IE logs what files you open on your computer, so it's enough for now. Indexing everything on the drive is a time and resource consuming task.
-
A well organized web panel to upload/browse all the info gathered.
If it is just a stealer, ignore this, but form-grabbing (http://en.wikipedia.org/wiki/Form_grabbing) is cool.
Windows licenses / other software licenses (AV...)
-
An easy way to propagate the binary 'd be to run it on win startup, do checks on pre-determined interval for removable drives. If the drive has FAT32, copy self.
When attached to a machine later, there has to be any kind of misleading (like, say with icon of a folder, unless extensions are shown) so the user clicks to open it and the binary in turn copies itself to that machine and executes. With w7, I guess autorun is a bit more harder than previous versions.
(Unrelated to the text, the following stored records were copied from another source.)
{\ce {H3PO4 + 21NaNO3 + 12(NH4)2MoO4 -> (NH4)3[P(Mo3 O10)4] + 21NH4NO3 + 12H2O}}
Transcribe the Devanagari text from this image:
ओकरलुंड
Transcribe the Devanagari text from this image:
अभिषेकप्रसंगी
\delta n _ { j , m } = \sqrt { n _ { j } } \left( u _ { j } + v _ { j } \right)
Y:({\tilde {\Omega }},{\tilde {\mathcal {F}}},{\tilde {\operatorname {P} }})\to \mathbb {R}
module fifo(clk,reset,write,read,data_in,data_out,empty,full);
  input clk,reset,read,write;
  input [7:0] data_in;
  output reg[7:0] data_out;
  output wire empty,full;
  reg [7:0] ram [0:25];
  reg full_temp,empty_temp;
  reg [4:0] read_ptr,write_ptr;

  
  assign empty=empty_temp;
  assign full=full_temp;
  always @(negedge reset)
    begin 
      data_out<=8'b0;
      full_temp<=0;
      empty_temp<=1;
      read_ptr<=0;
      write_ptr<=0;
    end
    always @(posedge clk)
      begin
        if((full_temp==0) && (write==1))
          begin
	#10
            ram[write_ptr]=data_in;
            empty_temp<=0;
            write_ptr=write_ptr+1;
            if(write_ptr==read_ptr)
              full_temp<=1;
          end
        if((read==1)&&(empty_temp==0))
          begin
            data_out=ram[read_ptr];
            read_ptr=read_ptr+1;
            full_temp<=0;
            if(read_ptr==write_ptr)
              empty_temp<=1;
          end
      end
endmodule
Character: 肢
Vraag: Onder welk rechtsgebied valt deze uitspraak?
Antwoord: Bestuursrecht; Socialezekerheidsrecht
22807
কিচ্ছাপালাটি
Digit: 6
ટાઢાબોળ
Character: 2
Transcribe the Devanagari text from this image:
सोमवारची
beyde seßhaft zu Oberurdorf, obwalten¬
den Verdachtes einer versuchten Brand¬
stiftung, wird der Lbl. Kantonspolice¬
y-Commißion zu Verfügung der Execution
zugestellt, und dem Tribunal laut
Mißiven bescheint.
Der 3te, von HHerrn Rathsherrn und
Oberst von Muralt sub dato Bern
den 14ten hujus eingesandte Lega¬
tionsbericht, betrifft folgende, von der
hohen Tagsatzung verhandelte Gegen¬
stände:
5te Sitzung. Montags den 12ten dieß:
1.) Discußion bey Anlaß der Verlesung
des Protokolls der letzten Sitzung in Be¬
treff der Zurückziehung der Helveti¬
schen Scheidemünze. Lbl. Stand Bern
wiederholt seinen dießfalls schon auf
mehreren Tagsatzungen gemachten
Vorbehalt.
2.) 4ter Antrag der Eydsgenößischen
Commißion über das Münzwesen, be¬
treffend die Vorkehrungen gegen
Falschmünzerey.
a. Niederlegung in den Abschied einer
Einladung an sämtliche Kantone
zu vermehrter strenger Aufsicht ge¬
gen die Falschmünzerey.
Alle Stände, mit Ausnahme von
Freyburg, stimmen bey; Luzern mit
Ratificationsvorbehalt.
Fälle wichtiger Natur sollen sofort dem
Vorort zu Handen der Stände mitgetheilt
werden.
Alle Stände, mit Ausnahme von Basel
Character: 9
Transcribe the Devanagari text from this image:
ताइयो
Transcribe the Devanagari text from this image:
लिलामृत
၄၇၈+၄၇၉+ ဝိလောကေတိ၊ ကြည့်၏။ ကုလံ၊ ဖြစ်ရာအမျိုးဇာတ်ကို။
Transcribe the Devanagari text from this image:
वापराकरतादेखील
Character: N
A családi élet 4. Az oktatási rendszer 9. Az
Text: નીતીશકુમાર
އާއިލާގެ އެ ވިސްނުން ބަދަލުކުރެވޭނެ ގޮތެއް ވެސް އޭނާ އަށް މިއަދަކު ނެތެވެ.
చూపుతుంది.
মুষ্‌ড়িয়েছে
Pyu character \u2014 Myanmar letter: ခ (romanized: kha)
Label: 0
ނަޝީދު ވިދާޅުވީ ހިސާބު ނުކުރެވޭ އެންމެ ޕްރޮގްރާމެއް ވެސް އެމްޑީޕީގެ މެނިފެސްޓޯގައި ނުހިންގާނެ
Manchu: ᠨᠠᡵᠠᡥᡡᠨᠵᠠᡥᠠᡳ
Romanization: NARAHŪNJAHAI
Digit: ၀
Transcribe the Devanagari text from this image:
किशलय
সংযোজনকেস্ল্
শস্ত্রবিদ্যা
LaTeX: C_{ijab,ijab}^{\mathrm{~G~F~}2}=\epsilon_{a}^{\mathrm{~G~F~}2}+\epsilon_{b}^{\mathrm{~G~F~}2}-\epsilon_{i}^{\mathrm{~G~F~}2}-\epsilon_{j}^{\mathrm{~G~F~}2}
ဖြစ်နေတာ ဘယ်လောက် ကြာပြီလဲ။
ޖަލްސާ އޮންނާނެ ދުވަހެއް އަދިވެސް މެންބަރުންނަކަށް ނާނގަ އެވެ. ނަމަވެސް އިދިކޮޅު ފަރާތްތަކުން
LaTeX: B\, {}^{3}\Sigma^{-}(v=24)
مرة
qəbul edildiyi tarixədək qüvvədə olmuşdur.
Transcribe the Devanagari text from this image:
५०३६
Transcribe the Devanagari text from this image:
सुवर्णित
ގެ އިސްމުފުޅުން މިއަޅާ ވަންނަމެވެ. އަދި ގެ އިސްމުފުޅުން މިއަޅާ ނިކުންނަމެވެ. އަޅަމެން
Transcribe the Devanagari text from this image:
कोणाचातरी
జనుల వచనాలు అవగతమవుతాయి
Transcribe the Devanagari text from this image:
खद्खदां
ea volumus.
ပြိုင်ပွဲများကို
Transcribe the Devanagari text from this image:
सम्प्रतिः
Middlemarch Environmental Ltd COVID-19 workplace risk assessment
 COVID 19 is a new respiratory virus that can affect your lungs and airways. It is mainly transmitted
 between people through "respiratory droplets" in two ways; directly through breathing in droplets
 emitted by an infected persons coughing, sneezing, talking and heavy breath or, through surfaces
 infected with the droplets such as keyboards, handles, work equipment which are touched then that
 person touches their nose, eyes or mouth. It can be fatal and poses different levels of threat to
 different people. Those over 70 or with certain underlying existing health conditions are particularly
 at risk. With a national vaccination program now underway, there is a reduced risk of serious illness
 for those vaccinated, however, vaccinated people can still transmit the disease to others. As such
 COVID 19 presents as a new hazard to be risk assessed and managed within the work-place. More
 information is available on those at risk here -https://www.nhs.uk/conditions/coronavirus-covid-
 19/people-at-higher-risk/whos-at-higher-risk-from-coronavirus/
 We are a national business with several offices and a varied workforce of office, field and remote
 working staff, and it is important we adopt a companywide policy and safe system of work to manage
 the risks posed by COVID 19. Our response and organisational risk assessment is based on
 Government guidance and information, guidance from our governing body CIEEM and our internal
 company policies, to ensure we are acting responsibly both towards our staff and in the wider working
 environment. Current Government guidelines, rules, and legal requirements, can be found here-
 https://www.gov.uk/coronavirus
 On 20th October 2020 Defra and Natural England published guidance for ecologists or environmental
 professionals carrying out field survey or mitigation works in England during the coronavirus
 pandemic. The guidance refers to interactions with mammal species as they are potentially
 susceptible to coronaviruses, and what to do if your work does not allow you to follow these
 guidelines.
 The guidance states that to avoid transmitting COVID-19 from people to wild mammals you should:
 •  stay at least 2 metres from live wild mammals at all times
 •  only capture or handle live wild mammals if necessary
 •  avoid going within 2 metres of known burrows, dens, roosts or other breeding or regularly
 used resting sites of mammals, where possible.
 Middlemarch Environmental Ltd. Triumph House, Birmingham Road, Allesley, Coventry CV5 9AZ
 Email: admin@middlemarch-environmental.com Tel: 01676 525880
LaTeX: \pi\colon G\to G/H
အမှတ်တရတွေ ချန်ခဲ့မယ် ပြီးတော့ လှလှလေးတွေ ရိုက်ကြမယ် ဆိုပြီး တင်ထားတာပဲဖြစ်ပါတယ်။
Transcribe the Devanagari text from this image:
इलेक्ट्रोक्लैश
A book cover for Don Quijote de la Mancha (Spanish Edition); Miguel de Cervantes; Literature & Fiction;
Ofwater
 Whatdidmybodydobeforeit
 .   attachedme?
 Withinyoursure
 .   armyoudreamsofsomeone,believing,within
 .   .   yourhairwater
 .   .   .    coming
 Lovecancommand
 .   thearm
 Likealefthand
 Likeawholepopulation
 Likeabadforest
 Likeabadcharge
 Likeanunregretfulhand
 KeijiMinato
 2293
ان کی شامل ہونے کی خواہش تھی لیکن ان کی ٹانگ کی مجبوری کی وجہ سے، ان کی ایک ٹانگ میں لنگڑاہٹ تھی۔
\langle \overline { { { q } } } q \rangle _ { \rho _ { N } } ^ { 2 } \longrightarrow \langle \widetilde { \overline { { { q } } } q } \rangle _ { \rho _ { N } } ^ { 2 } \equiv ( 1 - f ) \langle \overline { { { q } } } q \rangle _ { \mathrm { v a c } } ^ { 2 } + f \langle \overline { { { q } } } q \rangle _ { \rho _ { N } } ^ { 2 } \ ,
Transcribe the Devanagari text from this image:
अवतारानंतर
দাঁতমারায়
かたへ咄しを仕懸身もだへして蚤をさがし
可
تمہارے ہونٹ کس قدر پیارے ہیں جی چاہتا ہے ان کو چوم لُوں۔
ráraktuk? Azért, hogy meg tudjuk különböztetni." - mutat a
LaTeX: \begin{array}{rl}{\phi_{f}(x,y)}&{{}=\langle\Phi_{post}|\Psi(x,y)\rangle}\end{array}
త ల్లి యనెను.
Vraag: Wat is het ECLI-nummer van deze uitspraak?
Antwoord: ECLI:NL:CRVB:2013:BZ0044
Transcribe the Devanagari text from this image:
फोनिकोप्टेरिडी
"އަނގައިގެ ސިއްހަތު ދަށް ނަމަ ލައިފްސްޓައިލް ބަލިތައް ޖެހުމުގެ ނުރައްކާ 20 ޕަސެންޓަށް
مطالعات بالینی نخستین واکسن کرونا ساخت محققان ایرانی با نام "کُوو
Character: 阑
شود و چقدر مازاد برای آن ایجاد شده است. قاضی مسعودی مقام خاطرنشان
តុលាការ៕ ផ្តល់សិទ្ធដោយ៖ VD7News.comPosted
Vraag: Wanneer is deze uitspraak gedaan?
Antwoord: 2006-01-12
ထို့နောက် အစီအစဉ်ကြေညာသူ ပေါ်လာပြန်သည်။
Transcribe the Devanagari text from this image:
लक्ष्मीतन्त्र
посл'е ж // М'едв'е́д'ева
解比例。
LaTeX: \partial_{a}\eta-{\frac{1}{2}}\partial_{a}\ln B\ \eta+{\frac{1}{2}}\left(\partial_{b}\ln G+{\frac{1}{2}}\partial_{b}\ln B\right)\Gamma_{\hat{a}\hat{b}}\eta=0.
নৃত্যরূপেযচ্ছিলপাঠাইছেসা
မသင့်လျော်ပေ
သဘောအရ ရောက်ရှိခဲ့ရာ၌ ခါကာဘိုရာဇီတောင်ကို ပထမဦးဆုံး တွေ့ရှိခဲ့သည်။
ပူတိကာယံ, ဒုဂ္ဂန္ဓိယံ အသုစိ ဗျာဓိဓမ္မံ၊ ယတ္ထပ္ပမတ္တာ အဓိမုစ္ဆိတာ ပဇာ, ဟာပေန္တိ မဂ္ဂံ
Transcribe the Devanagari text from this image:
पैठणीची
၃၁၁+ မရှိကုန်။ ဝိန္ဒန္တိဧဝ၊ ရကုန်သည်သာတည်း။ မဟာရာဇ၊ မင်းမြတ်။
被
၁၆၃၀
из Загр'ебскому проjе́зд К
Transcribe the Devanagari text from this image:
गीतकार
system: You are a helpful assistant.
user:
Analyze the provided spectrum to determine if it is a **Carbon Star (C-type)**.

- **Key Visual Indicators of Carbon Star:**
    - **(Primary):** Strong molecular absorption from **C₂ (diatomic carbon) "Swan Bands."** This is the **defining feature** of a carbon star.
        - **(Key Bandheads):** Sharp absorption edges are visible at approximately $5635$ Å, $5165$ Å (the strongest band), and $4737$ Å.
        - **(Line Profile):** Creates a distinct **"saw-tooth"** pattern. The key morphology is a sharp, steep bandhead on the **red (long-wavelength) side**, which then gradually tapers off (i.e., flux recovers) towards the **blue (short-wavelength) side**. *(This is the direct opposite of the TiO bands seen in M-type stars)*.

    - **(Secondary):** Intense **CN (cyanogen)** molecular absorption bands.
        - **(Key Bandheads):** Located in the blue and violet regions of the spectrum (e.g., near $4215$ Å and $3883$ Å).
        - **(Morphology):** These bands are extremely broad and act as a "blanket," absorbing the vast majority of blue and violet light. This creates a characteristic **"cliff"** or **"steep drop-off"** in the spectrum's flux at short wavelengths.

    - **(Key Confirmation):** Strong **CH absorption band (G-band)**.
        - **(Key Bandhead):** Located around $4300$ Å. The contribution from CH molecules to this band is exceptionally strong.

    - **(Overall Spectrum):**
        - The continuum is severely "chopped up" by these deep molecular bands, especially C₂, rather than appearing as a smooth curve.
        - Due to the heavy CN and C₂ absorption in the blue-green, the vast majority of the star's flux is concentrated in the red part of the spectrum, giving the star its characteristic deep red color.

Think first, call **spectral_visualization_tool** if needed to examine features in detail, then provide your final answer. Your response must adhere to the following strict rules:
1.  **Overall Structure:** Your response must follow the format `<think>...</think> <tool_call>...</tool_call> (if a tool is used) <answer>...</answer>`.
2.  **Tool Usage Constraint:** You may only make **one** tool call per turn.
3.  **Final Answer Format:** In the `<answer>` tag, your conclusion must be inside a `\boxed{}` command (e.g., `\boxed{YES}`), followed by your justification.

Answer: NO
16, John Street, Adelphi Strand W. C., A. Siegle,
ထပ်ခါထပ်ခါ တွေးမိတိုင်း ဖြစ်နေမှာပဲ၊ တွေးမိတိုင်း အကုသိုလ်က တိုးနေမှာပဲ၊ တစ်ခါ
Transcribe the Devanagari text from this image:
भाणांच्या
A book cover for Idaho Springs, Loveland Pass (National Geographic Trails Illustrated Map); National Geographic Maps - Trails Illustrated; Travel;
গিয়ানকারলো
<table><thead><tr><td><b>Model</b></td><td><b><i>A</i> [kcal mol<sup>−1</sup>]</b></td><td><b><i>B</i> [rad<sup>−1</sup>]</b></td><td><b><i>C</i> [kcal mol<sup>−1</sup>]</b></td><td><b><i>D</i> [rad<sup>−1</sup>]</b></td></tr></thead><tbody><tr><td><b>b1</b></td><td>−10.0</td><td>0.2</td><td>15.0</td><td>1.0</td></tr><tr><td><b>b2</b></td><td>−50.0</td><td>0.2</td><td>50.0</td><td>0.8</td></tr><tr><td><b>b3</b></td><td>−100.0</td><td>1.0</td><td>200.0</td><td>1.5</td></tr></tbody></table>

Actually, that's what I did with my spybot in autoit.
-
An easy way to propagate the binary 'd be to run it on win startup, do checks on pre-determined interval for removable drives. If the drive has FAT32, copy self.
When attached to a machine later, there has to be any kind of misleading (like, say with icon of a folder, unless extensions are shown) so the user clicks to open it and the binary in turn copies itself to that machine and executes. With w7, I guess autorun is a bit more harder than previous versions.
Actually, that's what I did with my spybot in autoit.
You will get your mall-ware above the radar pretty quickly if you do that. I will always suggest to find your own tricks and do not use existing binders/crypters because av's can find them suspicious because they use known binder and wanna be fud methods and upload them to a av server and when your code is reversed and in the av pattern databases you can wave goodbye to being totally fud.
-
For an idea, maybe the malware should also be able to run new own code that its user can insert and change later. This will carter for those wanting it to be a RAT or add anymore capabilities to it rather than the pre-defined rules by its coder.